Hepatocytes within HCV-infected and diseased liver tissue showed increased basolateral staining with anti–CLDN1, whereas sinusoidal endothelium demonstrated comparable staining patterns regardless of disease status (Table 2). In contrast, hepatocellular CLDN4 staining intensity was comparable in normal and diseased livers (Table 2). Altered CLDN expression has been linked to several human inflammatory diseases.34, 35 Utech and colleagues36 reported that gamma interferon treatment of the T84 epithelial cell line led to an endocytosis of TJ proteins, including CLDN1, from the apical membrane. It is interesting to note that increased hepatocellular CLDN1 expression was more prominent in HCV-infected livers in areas adjacent to cirrhotic inflamed septa. Experiments to study the effect(s) of gamma interferon on CLDN1 expression have shown no modulation in Huh-7.5 cells, consistent with the treated cells supporting HCVpp entry (M. Farquhar, unpublished data, 2007). The observation that HCV-infected Huh-7.5 cells expressed greater levels of CLDN1 at the plasma membrane (Fig. 6) demonstrates that infection can directly increase CLDN1 levels without altering messenger RNA levels. The focal regions of increased CLDN1 expression observed in the HCV-infected liver may be a direct consequence of viral infection and may represent areas of ongoing HCV replication (Fig. 4). Several reports suggest that CLDN expression and localization may be regulated at the level of protein phosphorylation and palmitoylation,37, 38 and future experiments will study the effect(s) of HCV proteins on CLDN1 posttranslational modification and processing.

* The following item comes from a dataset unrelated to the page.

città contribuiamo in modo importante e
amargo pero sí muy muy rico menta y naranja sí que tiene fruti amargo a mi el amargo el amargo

The functional consequences of increased hepatocellular CLDN1 expression in late-stage HCV infection are unclear. It will be important to compare hepatocellular CLDN1 expression levels during HCV disease progression. Higashi and colleagues39 reported that reduced CLDN1 expression correlated with the malignancy of hepatocellular carcinoma. Most cholestatic disorders are associated with changes in TJs and the hepatocyte cytoskeleton; it will be interesting to study HCV-infected subjects with cholestatic disorders following liver transplantation. In vitro experiments to study the interplay between HCV replication and TJ protein localization and function will require the development of polarized cell systems that support HCV infection.
We thank Takaji Wakita for JFH-1; Charles Rice for J6/JFH-1, anti–NS5A 9E10, and Huh-7.5 cells; and Michelle Farquhar for citing unpublished data.